Exercise materials >>

****************

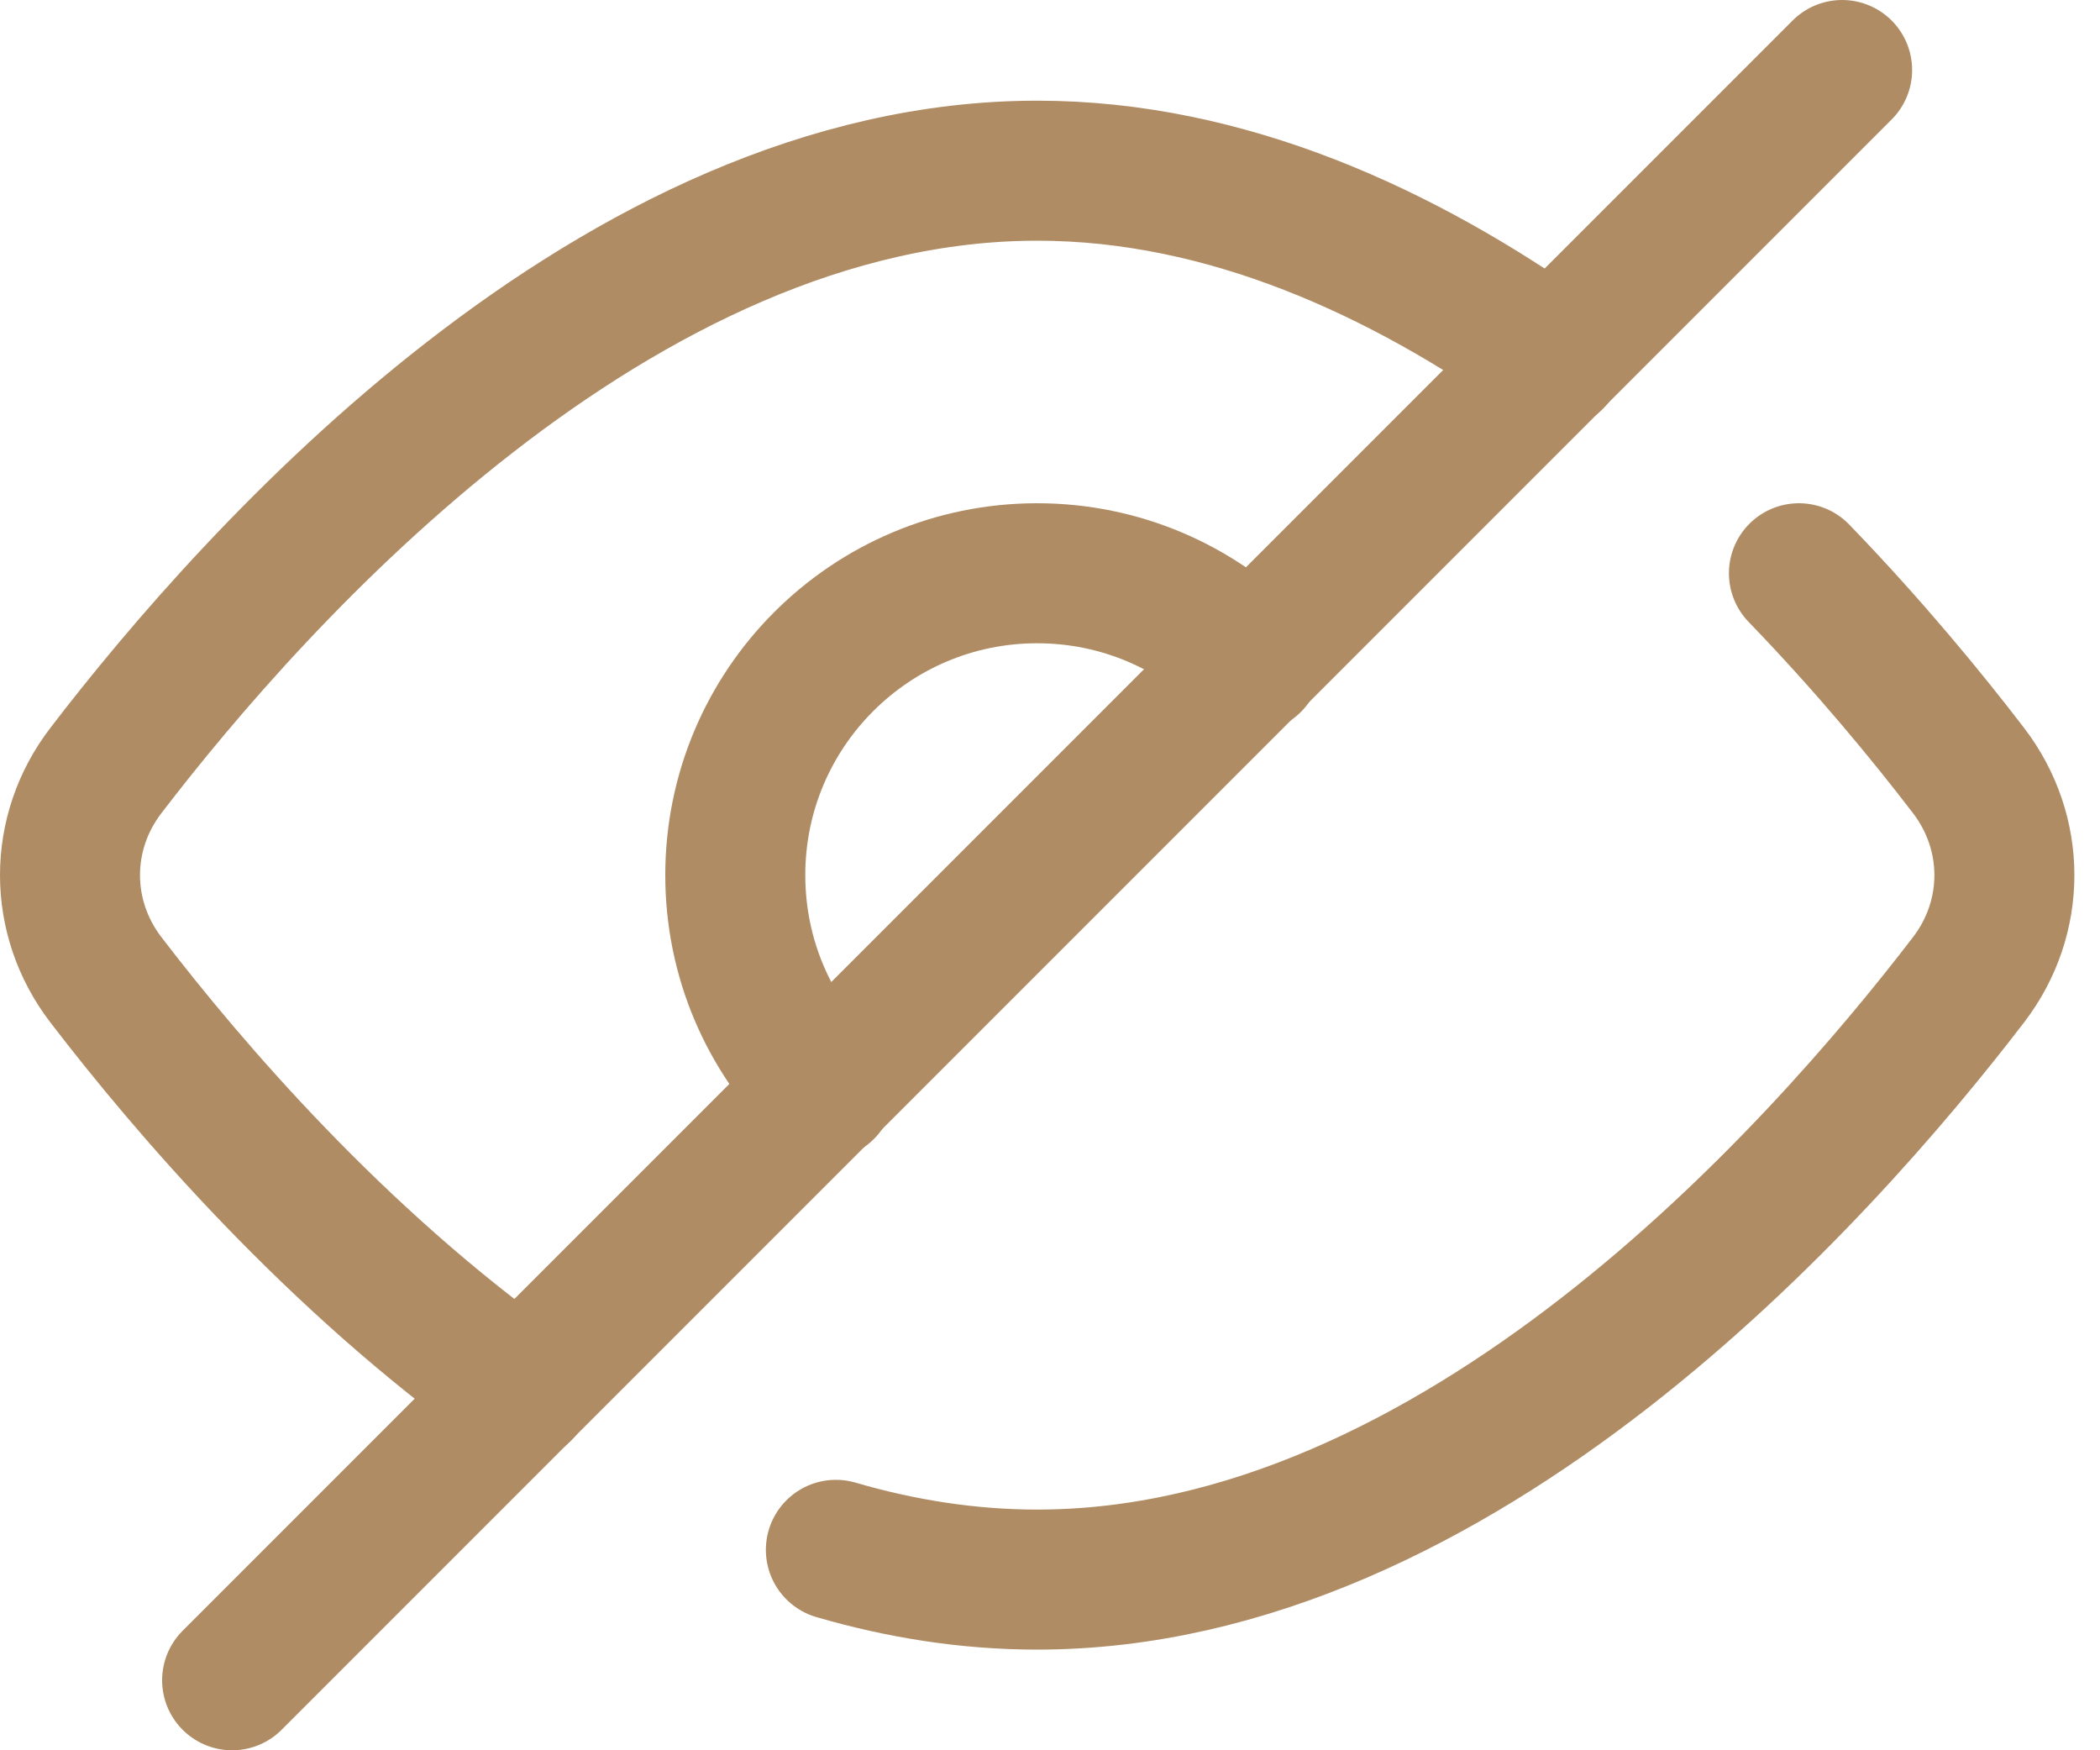 <svg width="30" height="25" viewBox="0 0 30 25" fill="none" xmlns="http://www.w3.org/2000/svg">
<path d="M7.448 19.873C4.795 17.988 2.697 15.54 1.512 13.994C0.83 13.104 0.829 11.898 1.511 11.008C3.657 8.206 8.807 2.438 14.818 2.438C17.514 2.438 20.037 3.598 22.193 5.131" stroke="#AF8C64" stroke-width="2" stroke-linecap="round" stroke-linejoin="round"/>
<path d="M17.877 9.462C17.096 8.675 16.013 8.188 14.816 8.188C12.435 8.188 10.504 10.118 10.504 12.5C10.504 13.697 10.991 14.779 11.778 15.561" stroke="#AF8C64" stroke-width="2" stroke-linecap="round" stroke-linejoin="round"/>
<path d="M3.316 24L26.316 1" stroke="#AF8C64" stroke-width="2" stroke-linecap="round" stroke-linejoin="round"/>
<path d="M11.941 22.137C12.87 22.408 13.832 22.562 14.816 22.562C20.828 22.562 25.977 16.794 28.124 13.992C28.805 13.102 28.804 11.896 28.122 11.006C27.528 10.231 26.706 9.23 25.699 8.188" stroke="#AF8C64" stroke-width="2" stroke-linecap="round" stroke-linejoin="round"/>
</svg>

****************

What you will do >>
Transcribe every entry word for word, but skip the pictures.

Task response >>
 <svg width="30" height="25" viewBox="0 0 30 25" fill="none" xmlns="http://www.w3.org/2000/svg">
<path d="M7.448 19.873C4.795 17.988 2.697 15.54 1.512 13.994C0.83 13.104 0.829 11.898 1.511 11.008C3.657 8.206 8.807 2.438 14.818 2.438C17.514 2.438 20.037 3.598 22.193 5.131" stroke="#AF8C64" stroke-width="2" stroke-linecap="round" stroke-linejoin="round"/>
<path d="M17.877 9.462C17.096 8.675 16.013 8.188 14.816 8.188C12.435 8.188 10.504 10.118 10.504 12.5C10.504 13.697 10.991 14.779 11.778 15.561" stroke="#AF8C64" stroke-width="2" stroke-linecap="round" stroke-linejoin="round"/>
<path d="M3.316 24L26.316 1" stroke="#AF8C64" stroke-width="2" stroke-linecap="round" stroke-linejoin="round"/>
<path d="M11.941 22.137C12.87 22.408 13.832 22.562 14.816 22.562C20.828 22.562 25.977 16.794 28.124 13.992C28.805 13.102 28.804 11.896 28.122 11.006C27.528 10.231 26.706 9.23 25.699 8.188" stroke="#AF8C64" stroke-width="2" stroke-linecap="round" stroke-linejoin="round"/>
</svg>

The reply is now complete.